### GIVEN DATA
=== Begin Enclosure ===
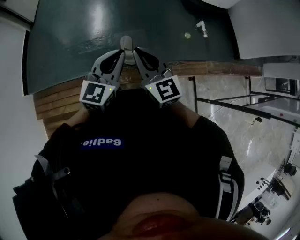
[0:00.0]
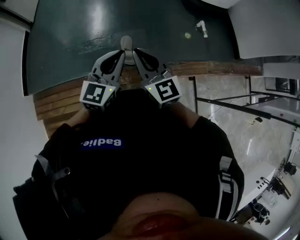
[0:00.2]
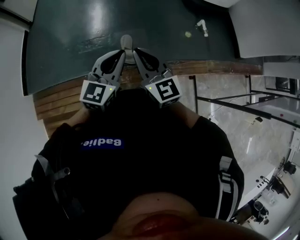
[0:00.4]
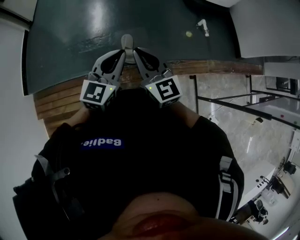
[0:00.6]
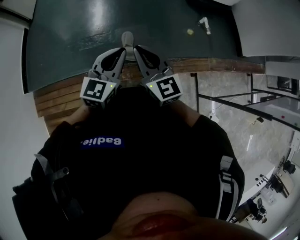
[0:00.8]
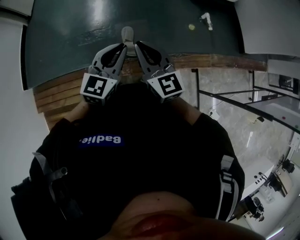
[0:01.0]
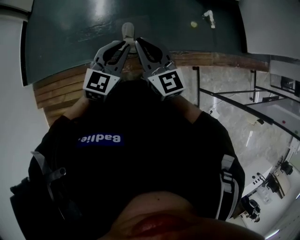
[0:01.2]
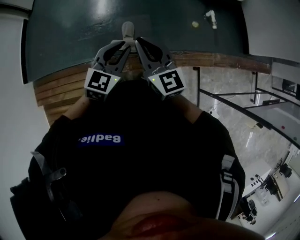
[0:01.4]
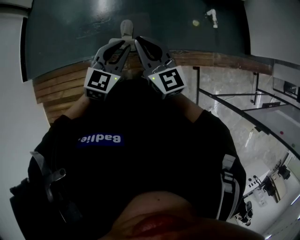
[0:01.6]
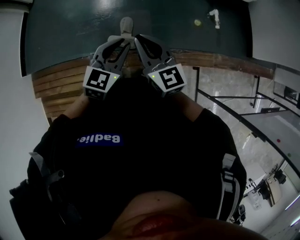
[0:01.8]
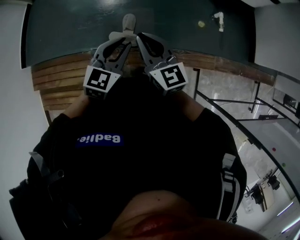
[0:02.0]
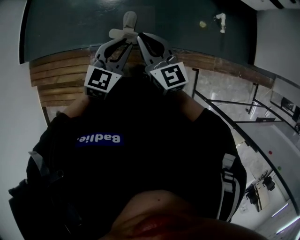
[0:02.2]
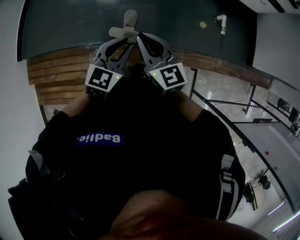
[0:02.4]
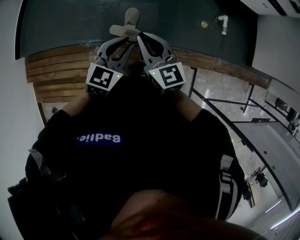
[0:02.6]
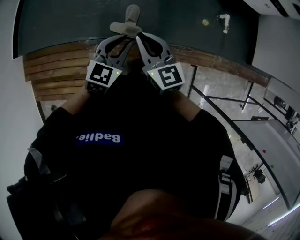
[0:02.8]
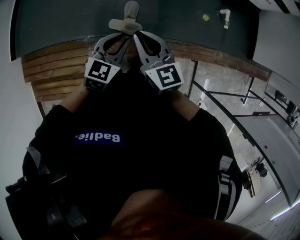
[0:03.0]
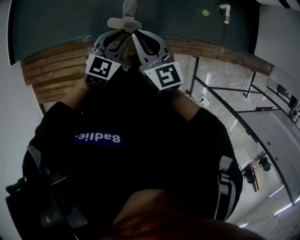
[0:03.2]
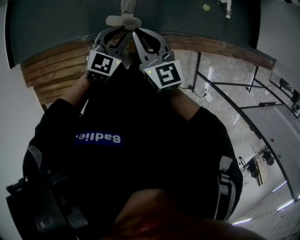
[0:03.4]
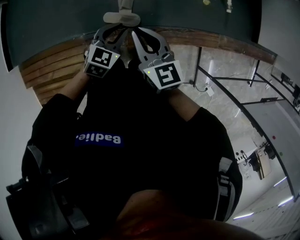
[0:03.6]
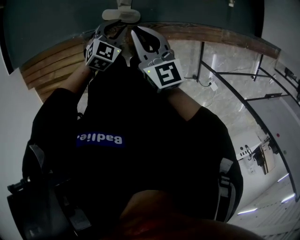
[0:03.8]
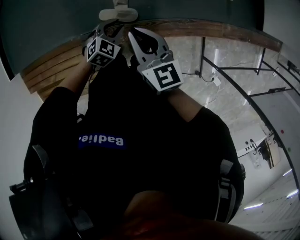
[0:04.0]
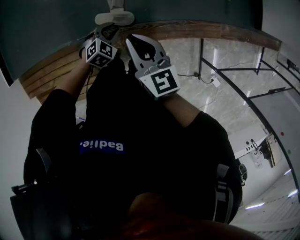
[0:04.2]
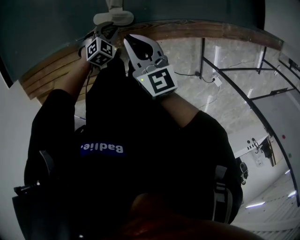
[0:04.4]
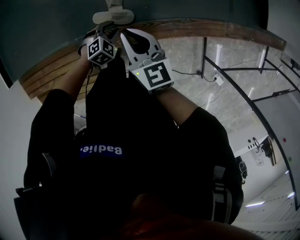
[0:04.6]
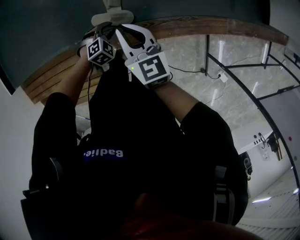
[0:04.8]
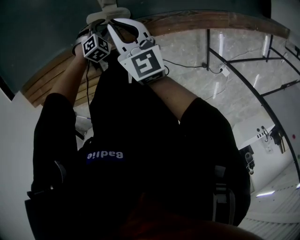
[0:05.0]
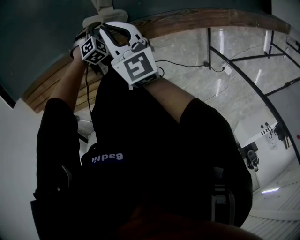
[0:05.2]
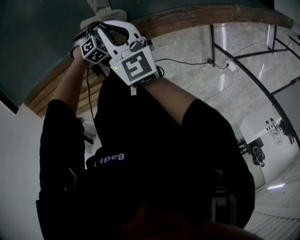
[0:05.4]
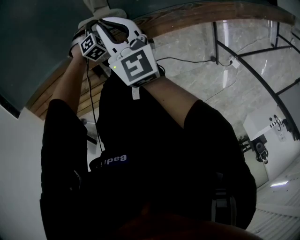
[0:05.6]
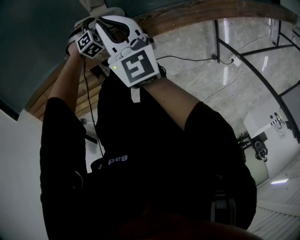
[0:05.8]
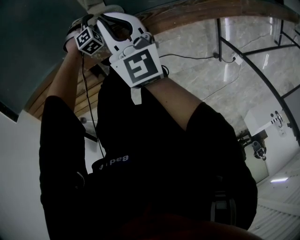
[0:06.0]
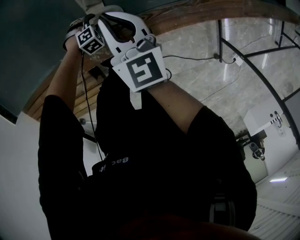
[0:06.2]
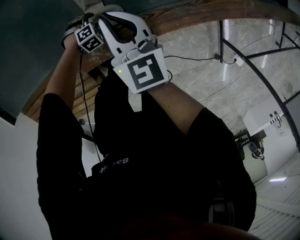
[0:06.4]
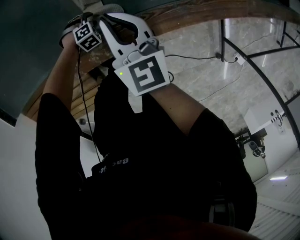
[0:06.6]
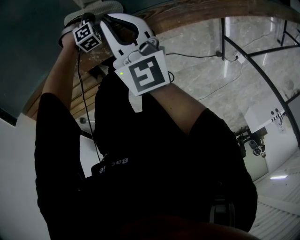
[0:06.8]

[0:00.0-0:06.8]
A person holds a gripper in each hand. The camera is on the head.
0:00.0 to 0:01.4: The left gripper moves downward, some 10 cm. The right gripper goes about 5 cm forward.
0:01.4 to 0:02.8: Both grippers move downward and forward, some 10 cm.
0:02.8 to 0:04.0: The left gripper travels downward by about 20 cm, and rotates approximately 30 degrees. The right gripper moves downward, some 10 cm.
0:04.0 to 0:05.4: The right gripper is displaced downward and forward by some 20 cm. The left gripper shifts roughly 30 cm downward, turns by roughly 30 degrees, and opens.
0:05.4 to 0:06.8: The grippers both shift downward by about 15 cm. The left gripper closes up.
=== End Enclosure ===
### ASSIGNED TASK
Please output the material above again, exactly, and omit every image.

### ANSWER
[0:00.0]
[0:00.2]
[0:00.4]
[0:00.6]
[0:00.8]
[0:01.0]
[0:01.2]
[0:01.4]
[0:01.6]
[0:01.8]
[0:02.0]
[0:02.2]
[0:02.4]
[0:02.6]
[0:02.8]
[0:03.0]
[0:03.2]
[0:03.4]
[0:03.6]
[0:03.8]
[0:04.0]
[0:04.2]
[0:04.4]
[0:04.6]
[0:04.8]
[0:05.0]
[0:05.2]
[0:05.4]
[0:05.6]
[0:05.8]
[0:06.0]
[0:06.2]
[0:06.4]
[0:06.6]
[0:06.8]

[0:00.0-0:06.8]
A person holds a gripper in each hand. The camera is on the head.
0:00.0 to 0:01.4: The left gripper moves downward, some 10 cm. The right gripper goes about 5 cm forward.
0:01.4 to 0:02.8: Both grippers move downward and forward, some 10 cm.
0:02.8 to 0:04.0: The left gripper travels downward by about 20 cm, and rotates approximately 30 degrees. The right gripper moves downward, some 10 cm.
0:04.0 to 0:05.4: The right gripper is displaced downward and forward by some 20 cm. The left gripper shifts roughly 30 cm downward, turns by roughly 30 degrees, and opens.
0:05.4 to 0:06.8: The grippers both shift downward by about 15 cm. The left gripper closes up.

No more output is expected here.